Target values (y) on the nodes in graphs were replaced with a keyword “__unknown__” to prepare problems (x) automatically (underlines are added to distinguish from the word “unknown”). If one graph has more than two target values (e.g., melting point and density), the replacement and problem generation were done individually to generate multiple problems; there were not multiple “__unknown__” nodes in one graph. The numeric nodes of the material properties were set as the target values (y) for prediction. For inverse problem solving in the last section of the main manuscript, all nodes (numbers, chemicals, and text) in all graphs were set as problems.

Unless noted otherwise, the graph data were split into train and test datasets randomly (splitting ratio of 0 to 0.9). The train dataset was used to train a graph neural network and the test dataset was used only for prediction.

Machine learning

The prepared datasets were trained with a neural network (Supplementary Fig. 5). The Chainer library was used to script the model, which had a graph neural network layer to recognize graphs and three dense layers to calculate the final outputs. The graph neural network was prepared based on an open-source library in Chainer-chemistry 0.7.0. The Implemented function of the gated graph neural network was used. Only the input part of the function was modified to input the adjacency matrices and node vectors described above, whereas the original version was customized to input only the connection of atoms in molecules.

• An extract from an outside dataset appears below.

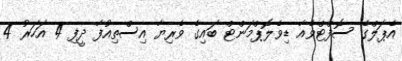
އެޕަލްގެ ސޮފްޓްވެއާ ޑިވެލޮޕްމަންޓް ބައިގެ ވެރިޔާ އިސްތިއުފާ ދީފި 4 އަހަރު 4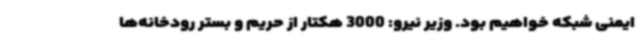
ایمنی شبکه خواهیم بود. وزیر نیرو: 3000 هکتار از حریم و بستر رودخانه‌ها

The neural network was trained to reduce the mean square errors between the predicted and actual values. Minibatch sizes of 32 and 128 were selected for only PEDOT-PSS learning and multitask learning, respectively. Training was repeated with 100 epochs with the Adam optimizer37. The dimension of output values was 1 for the normal prediction mode of numeric nodes.

The model was constructed with a 64-dimensional output to solve inverse problems in the last section of the main manuscript. The last 60-dimensional vectors were used for prediction (i.e., the first four-dimensional arrays were used only to distinguish node types). The predicted vectors were compared with the word (or compound) list in the integrated databases. Ones giving the highest cosine similarity with the predicted vectors were extracted as the prediction result. In the future, direct outputs of words and compounds may be achieved using autoencoders or similar techniques13. Numeric nodes were predicted by averaging the predicted 60-dimensional vectors. All hyperparameters were optimized manually. Automatic parameter tuning will be tested in future research with higher computing power (e.g., multiple GPUs).

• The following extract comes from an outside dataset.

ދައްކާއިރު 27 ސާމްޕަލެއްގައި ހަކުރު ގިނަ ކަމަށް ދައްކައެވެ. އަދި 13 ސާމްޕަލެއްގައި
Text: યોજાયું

Prediction by conventional models as the control experiments

Language model to predict conductivity directly from text (related to Fig. 3 and Supplementary Fig. 5): In Fig. 3, conductivity was predicted via graph structures, which were converted from texts. On the other hand, conventional recurrent neural networks, such as long short-term memory (LSTM)38, can treat text information directly. As a control experiment, conductivity was predicted from the texts. The conductivity values in the texts were replaced with “__unknown__” to make problems (Supplementary Fig. 5b). After converting words into embedding vectors, the word inputted to a LSTM layer (which outputs 16-dimensional latent vectors, implemented by Keras 2.3.1). Conductivity was calculated via a dense layer without activation functions.

Random forest regressors to predict chemical properties (related to Fig. 5and Supplementary Fig. 14): As the control to the multitask training, machine learning was conducted in a conventional way with a Wikipedia database. Random forest was selected as a conventional yet robust prediction algorithm4. First, compound information was converted to 60-dimensional arrays through the same process as the graph approach. Then, individual random forest regressors (by scikit-learn) were introduced and trained to predict each chemical property recorded in the database (absolute standard enthalpy of formation, boiling temperature, decomposition temperature, density, flash temperature, ionization energy, melting enthalpy, melting temperature, refractive index, vapor pressure, and pKa) from the 60-dimensional arrays. Train and test datasets were prepared randomly with a splitting ratio of 9/1.